Kommt dieses Gleichgewicht aus dem Lot, kann das zu Entzündungen oder Krankheiten führen, so Sina. “Das Darmmikrobiom hat Einfluss auf Autoimmunerkrankungen, chronische Entzündungserkrankungen bis hin zu neurologischen Erkrankungen. Wir wissen, die Darm-Hirn-Achse spielt eine große Rolle. Auch darauf können unsere Darmmikroben einwirken”, erklärt er. “Und hier gilt ganz allgemein: Je diverser, desto besser.”
Forschung mit Lücken, aber dennoch belastbar
Die wissenschaftliche Grundlage für die Empfehlung, möglichst verschiedene Pflanzen zu essen, liefert das “American Gut Project” (Amerikanisches Darmprojekt).
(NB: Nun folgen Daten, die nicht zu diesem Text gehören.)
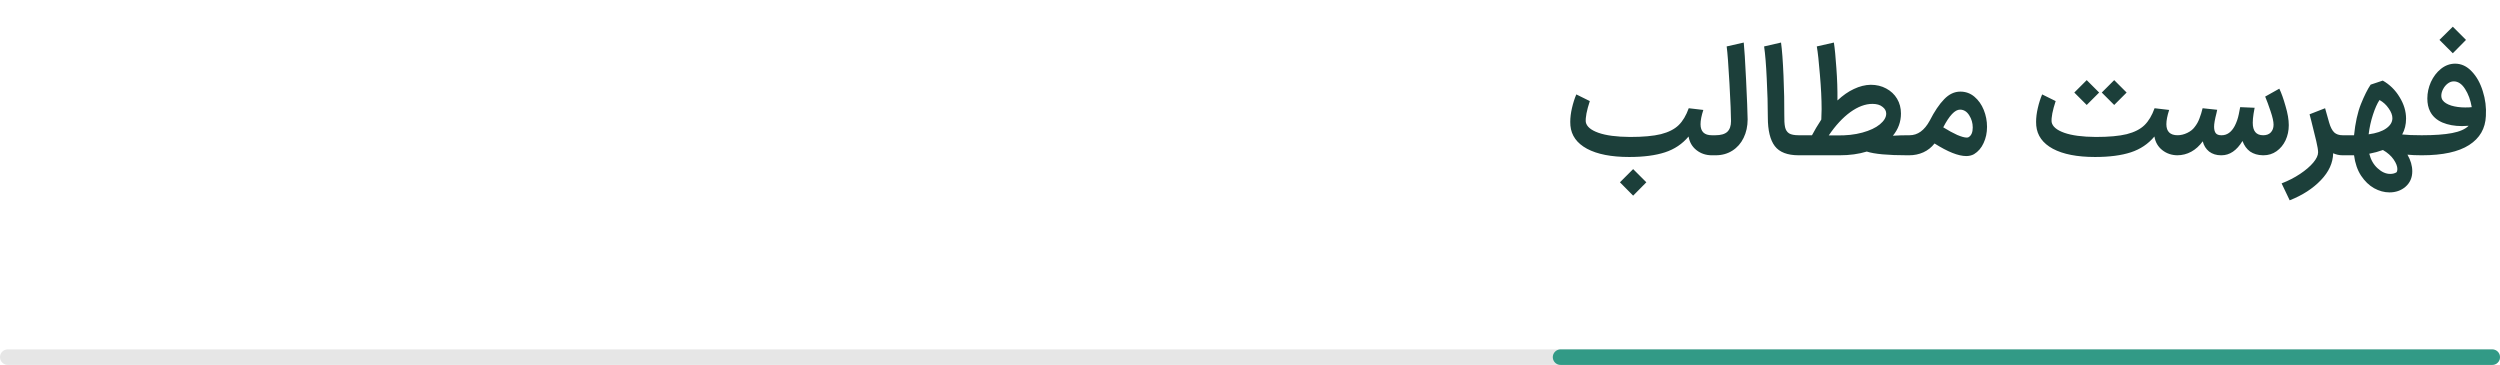 <svg xmlns="http://www.w3.org/2000/svg" width="322" height="47" viewBox="0 0 322 47" fill="none"><path d="M209.849 20.22C207.543 20.22 205.729 19.867 204.409 19.16C203.103 18.453 202.389 17.46 202.269 16.18C202.256 16.073 202.249 15.913 202.249 15.7C202.249 15.14 202.323 14.547 202.469 13.92C202.616 13.28 202.803 12.693 203.029 12.16L204.769 13.02C204.369 14.233 204.196 15.133 204.249 15.72C204.356 16.293 204.896 16.753 205.869 17.1C206.843 17.447 208.203 17.627 209.949 17.64C211.629 17.64 212.956 17.52 213.929 17.28C214.916 17.027 215.676 16.64 216.209 16.12C216.743 15.6 217.176 14.873 217.509 13.94L219.389 14.16C219.149 14.893 219.029 15.507 219.029 16C219.029 16.947 219.516 17.42 220.489 17.42L220.629 18.7L220.489 20C219.729 20 219.069 19.78 218.509 19.34C217.949 18.9 217.609 18.313 217.489 17.58C216.689 18.54 215.676 19.22 214.449 19.62C213.223 20.02 211.689 20.22 209.849 20.22ZM210.349 21.78L211.489 22.92L212.049 23.48L210.349 25.2L208.649 23.48L210.349 21.78ZM220.295 17.42H220.935C221.641 17.42 222.155 17.273 222.475 16.98C222.795 16.673 222.955 16.213 222.955 15.6C222.955 14.787 222.888 13.173 222.755 10.76C222.621 8.333 222.501 6.74 222.395 5.98L224.595 5.48C224.675 6.213 224.775 7.813 224.895 10.28C225.015 12.733 225.081 14.433 225.095 15.38C225.095 16.26 224.921 17.053 224.575 17.76C224.241 18.453 223.761 19 223.135 19.4C222.508 19.8 221.788 20 220.975 20H220.295V17.42ZM231.677 20C230.223 20 229.197 19.607 228.597 18.82C227.997 18.033 227.697 16.8 227.697 15.12C227.697 13.587 227.65 11.933 227.557 10.16C227.477 8.373 227.363 6.98 227.217 5.98L229.397 5.48C229.53 6.427 229.637 7.86 229.717 9.78C229.797 11.687 229.83 13.333 229.817 14.72C229.803 15.453 229.837 16.007 229.917 16.38C229.997 16.74 230.17 17.007 230.437 17.18C230.703 17.34 231.117 17.42 231.677 17.42H231.777L231.897 18.7L231.777 20H231.677ZM233.384 17.42C233.69 16.833 234.09 16.16 234.584 15.4C234.61 14.867 234.624 14.42 234.624 14.06C234.624 12.767 234.55 11.287 234.404 9.62C234.27 7.94 234.137 6.727 234.004 5.98L236.204 5.48C236.324 6.253 236.43 7.347 236.524 8.76C236.63 10.16 236.677 11.553 236.664 12.94C237.357 12.287 238.064 11.793 238.784 11.46C239.517 11.113 240.237 10.933 240.944 10.92C241.69 10.92 242.357 11.08 242.944 11.4C243.544 11.72 244.01 12.16 244.344 12.72C244.677 13.28 244.844 13.913 244.844 14.62C244.844 15.687 244.497 16.64 243.804 17.48C244.484 17.44 245.104 17.42 245.664 17.42L245.804 18.7L245.664 20C243.157 20 241.417 19.84 240.444 19.52C239.404 19.84 238.237 20 236.944 20H231.584V17.42H233.384ZM236.544 17.44C237.784 17.467 238.89 17.347 239.864 17.08C240.837 16.813 241.59 16.46 242.124 16.02C242.67 15.567 242.944 15.107 242.944 14.64C242.944 14.293 242.784 14 242.464 13.76C242.157 13.507 241.724 13.38 241.164 13.38C240.257 13.38 239.31 13.733 238.324 14.44C237.35 15.147 236.424 16.147 235.544 17.44H236.544ZM245.569 17.42H245.949C247.002 17.42 247.869 16.793 248.549 15.54C249.162 14.34 249.782 13.42 250.409 12.78C251.036 12.127 251.729 11.8 252.489 11.8C253.182 11.8 253.789 12.02 254.309 12.46C254.829 12.9 255.229 13.467 255.509 14.16C255.789 14.853 255.929 15.58 255.929 16.34C255.929 17.1 255.782 17.793 255.489 18.42C255.209 19.047 254.796 19.527 254.249 19.86C253.956 20.02 253.622 20.1 253.249 20.1C252.236 20.1 250.876 19.56 249.169 18.48C248.769 18.987 248.289 19.367 247.729 19.62C247.169 19.873 246.556 20 245.889 20H245.529L245.569 17.42ZM250.289 16.4C250.956 16.813 251.556 17.14 252.089 17.38C252.622 17.607 253.029 17.72 253.309 17.72C253.429 17.72 253.516 17.7 253.569 17.66C253.916 17.447 254.089 17.033 254.089 16.42C254.089 15.847 253.936 15.32 253.629 14.84C253.322 14.36 252.929 14.12 252.449 14.12C251.796 14.12 251.076 14.88 250.289 16.4ZM269.849 20.22C267.543 20.22 265.729 19.867 264.409 19.16C263.103 18.453 262.389 17.46 262.269 16.18C262.256 16.073 262.249 15.913 262.249 15.7C262.249 15.14 262.323 14.547 262.469 13.92C262.616 13.28 262.803 12.693 263.029 12.16L264.769 13.02C264.369 14.233 264.196 15.133 264.249 15.72C264.356 16.293 264.896 16.753 265.869 17.1C266.843 17.447 268.203 17.627 269.949 17.64C271.629 17.64 272.956 17.52 273.929 17.28C274.916 17.027 275.676 16.64 276.209 16.12C276.743 15.6 277.176 14.873 277.509 13.94L279.389 14.16C279.149 14.893 279.029 15.507 279.029 16C279.029 16.947 279.516 17.42 280.489 17.42L280.629 18.7L280.489 20C279.729 20 279.069 19.78 278.509 19.34C277.949 18.9 277.609 18.313 277.489 17.58C276.689 18.54 275.676 19.22 274.449 19.62C273.223 20.02 271.689 20.22 269.849 20.22ZM267.709 11.38C268.416 10.673 268.769 10.32 268.769 10.32L270.369 11.92L269.829 12.46C269.123 13.167 268.769 13.52 268.769 13.52L267.169 11.92L267.709 11.38ZM271.249 11.38C271.956 10.673 272.309 10.32 272.309 10.32L273.909 11.92L273.369 12.46C272.663 13.167 272.309 13.52 272.309 13.52L270.709 11.92L271.249 11.38ZM291.455 20C290.815 19.987 290.268 19.827 289.815 19.52C289.375 19.2 289.048 18.747 288.835 18.16C288.088 19.387 287.188 20 286.135 20H286.055C285.468 20 284.961 19.84 284.535 19.52C284.121 19.187 283.848 18.747 283.715 18.2C283.288 18.787 282.795 19.233 282.235 19.54C281.675 19.847 281.068 20 280.415 20H280.355L280.215 18.7L280.355 17.42H280.435C280.875 17.42 281.301 17.32 281.715 17.12C282.128 16.92 282.441 16.673 282.655 16.38C282.935 16.033 283.148 15.653 283.295 15.24C283.455 14.827 283.588 14.393 283.695 13.94L285.575 14.14C285.575 14.153 285.541 14.307 285.475 14.6C285.275 15.373 285.175 15.947 285.175 16.32C285.175 16.693 285.248 16.973 285.395 17.16C285.541 17.333 285.775 17.42 286.095 17.42H286.155C286.848 17.42 287.408 17.02 287.835 16.22C288.075 15.753 288.248 15.253 288.355 14.72C288.461 14.173 288.521 13.867 288.535 13.8L290.395 13.88C290.381 13.973 290.335 14.24 290.255 14.68C290.188 15.107 290.155 15.487 290.155 15.82C290.155 16.887 290.601 17.42 291.495 17.42C291.921 17.42 292.248 17.3 292.475 17.06C292.715 16.807 292.835 16.473 292.835 16.06C292.835 15.66 292.708 15.087 292.455 14.34C292.201 13.58 291.968 12.947 291.755 12.44L293.575 11.42C293.841 11.967 294.108 12.713 294.375 13.66C294.655 14.593 294.795 15.413 294.795 16.12C294.795 16.827 294.655 17.48 294.375 18.08C294.095 18.667 293.708 19.133 293.215 19.48C292.721 19.827 292.161 20 291.535 20H291.495H291.455ZM301.731 20C301.304 20 300.898 19.913 300.511 19.74C300.484 20.98 299.958 22.133 298.931 23.2C297.904 24.28 296.564 25.147 294.911 25.8L293.871 23.62C294.738 23.287 295.531 22.88 296.251 22.4C296.971 21.92 297.538 21.433 297.951 20.94C298.364 20.447 298.571 20.007 298.571 19.62C298.571 19.327 298.491 18.84 298.331 18.16C298.171 17.467 297.958 16.6 297.691 15.56C297.584 15.187 297.511 14.907 297.471 14.72L299.471 13.94C299.644 14.513 299.818 15.127 299.991 15.78C300.164 16.38 300.384 16.807 300.651 17.06C300.918 17.3 301.278 17.42 301.731 17.42H301.891L302.031 18.7L301.891 20H301.731ZM301.721 17.42H303.201C303.361 15.833 303.654 14.5 304.081 13.42C304.521 12.327 304.941 11.487 305.341 10.9L306.901 10.38C307.794 10.887 308.514 11.593 309.061 12.5C309.621 13.407 309.901 14.333 309.901 15.28C309.901 16.04 309.734 16.72 309.401 17.32C310.014 17.387 310.847 17.42 311.901 17.42L312.041 18.7L311.901 20C311.181 20 310.574 19.973 310.081 19.92C310.494 20.64 310.701 21.353 310.701 22.06C310.701 22.887 310.407 23.553 309.821 24.06C309.261 24.54 308.574 24.78 307.761 24.78C307.094 24.78 306.434 24.6 305.781 24.24C305.141 23.88 304.581 23.34 304.101 22.62C303.634 21.9 303.334 21.027 303.201 20H302.621H301.721V17.42ZM305.081 17.3C306.067 17.167 306.821 16.913 307.341 16.54C307.874 16.167 308.141 15.727 308.141 15.22C308.141 14.833 307.981 14.413 307.661 13.96C307.354 13.507 306.961 13.147 306.481 12.88C306.187 13.32 305.907 13.947 305.641 14.76C305.374 15.573 305.187 16.42 305.081 17.3ZM305.161 19.8C305.361 20.587 305.721 21.213 306.241 21.68C306.761 22.16 307.301 22.4 307.861 22.4C308.167 22.4 308.434 22.333 308.661 22.2C308.741 22.107 308.781 21.967 308.781 21.78C308.781 21.42 308.621 21.007 308.301 20.54C307.981 20.073 307.521 19.667 306.921 19.32C306.374 19.52 305.787 19.68 305.161 19.8ZM311.661 17.42H311.941C313.555 17.42 314.848 17.327 315.821 17.14C316.808 16.953 317.521 16.64 317.961 16.2C317.588 16.227 317.301 16.24 317.101 16.24C316.155 16.24 315.315 16.087 314.581 15.78C313.848 15.46 313.321 14.987 313.001 14.36C312.761 13.893 312.641 13.333 312.641 12.68C312.641 11.96 312.795 11.253 313.101 10.56C313.421 9.867 313.855 9.3 314.401 8.86C314.961 8.42 315.568 8.2 316.221 8.2C317.021 8.2 317.735 8.533 318.361 9.2C318.988 9.853 319.461 10.7 319.781 11.74C320.115 12.78 320.248 13.847 320.181 14.94C320.115 16.553 319.395 17.8 318.021 18.68C316.648 19.56 314.621 20 311.941 20H311.661V17.42ZM315.921 3.44C316.481 4.013 317.048 4.58 317.621 5.14L315.921 6.86L314.201 5.14L315.921 3.44ZM314.621 12.92C314.821 13.2 315.188 13.427 315.721 13.6C316.255 13.76 316.855 13.84 317.521 13.84C317.895 13.84 318.175 13.827 318.361 13.8C318.201 12.88 317.915 12.1 317.501 11.46C317.088 10.807 316.601 10.48 316.041 10.48C315.761 10.48 315.495 10.58 315.241 10.78C315.001 10.967 314.808 11.207 314.661 11.5C314.515 11.78 314.441 12.053 314.441 12.32C314.441 12.56 314.501 12.76 314.621 12.92Z" fill="#1C3F3A"></path><path d="M321 46L1 46" stroke="#E6E6E6" stroke-width="2" stroke-linecap="round"></path><path d="M321 46L201 46" stroke="#329A86" stroke-width="2" stroke-linecap="round"></path></svg>

Daran haben mehr als 11.000 Menschen aus den USA, Großbritannien und Australien teilgenommen.
Der britische Wissenschaftler Tim Spector vom King’s College in London hat 2018 aus den Daten geschlussfolgert, dass eine Person, die 30 verschiedene Pflanzen pro Woche isst, ein gesünderes Mikrobiom hat als jemand, der nur auf zehn Pflanzen pro Woche kommt.
Übrigens: Es wurde nicht untersucht, wie es mit 20, 25 oder 29 Pflanzen pro Woche aussieht. Das bedeutet, die 30 ist eher ein grober Wert, merkt Ernährungswissenschaftler Sina an. Zugleich ändere es jedoch nichts an der Tatsache, dass unser Körper von einer vielfältigen Ernährung profitiert.
Pflanzen bringen eigenes Mikrobiom mit
Weltweit befassen sich Wissenschaftlerinnen und Wissenschaftler verschiedener Fachrichtungen mit den Zusammenhängen zwischen Ernährung und dem individuellem Darm-Mikrobiom. Bahar Razavi ist Professorin für Boden- und Pflanzenmikrobiom an der Christian-Albrechts-Universität zu Kiel. Sie zeigt in ihrer Forschung, dass auch Pflanzen ein Mikrobiom haben – pflanzliche Lebensmittel bringen also selber Bakterien, Viren und Pilze mit. Und 2023 lieferten Genomanalysen deutliche Hinweise, dass dieses Pflanzenmikrobiom ebenfalls Einfluss auf die Darmgesundheit hat.
“Wir wissen, dass, wenn wir Pflanzen essen, dann nehmen wir auch Teile ihres Mikrobioms auf. Und einige kommen auch lebend im Darm an – wenn auch nicht alle. Aber schon einfache Zellwände oder Hormone aus den Bakterien, die auf diese Weise in unseren Körper kommen, reichen aus, um unser Mikrobiom zu beeinflussen.” Razavi erklärt, dass Pflanzen je nach Boden, Dünger, Wetter und Umweltverschmutzung ganz unterschiedliche Mikroorganismen haben. Damit könnte auch der Gesundheitswert einer Pflanze von deren Wuchsbedingungen abhängen. Ob und wie das bei der 30-Pflanzen-Challenge einen Unterschied macht, ist allerdings noch nicht untersucht.
Wie viel ist genug?
Es gibt keine genaue Definition, wie viel von einer Pflanze gegessen werden muss, damit sie zu den 30 pro Woche zählt. Einige Ernährungsfachleute gehen nach Gewicht, aber es gibt auch Punktesysteme für die 30-Pflanzen-Challenge. Dabei zählen alle Obst- und Gemüsesorten, Vollkorngetreideprodukte, Hülsenfrüchte, Nüsse, Kerne und Samen pro Portion einen Punkt, Kräuter und Gewürze bringen einen Viertelpunkt.
Ernährungsmediziner Sina vom Universitätsklinikum Schleswig-Holstein rät zu gesundem Menschenverstand und betont: Wichtig sei nicht, ein genau definiertes Ziel zu erreichen, sondern sich möglichst vielfältig zu ernähren.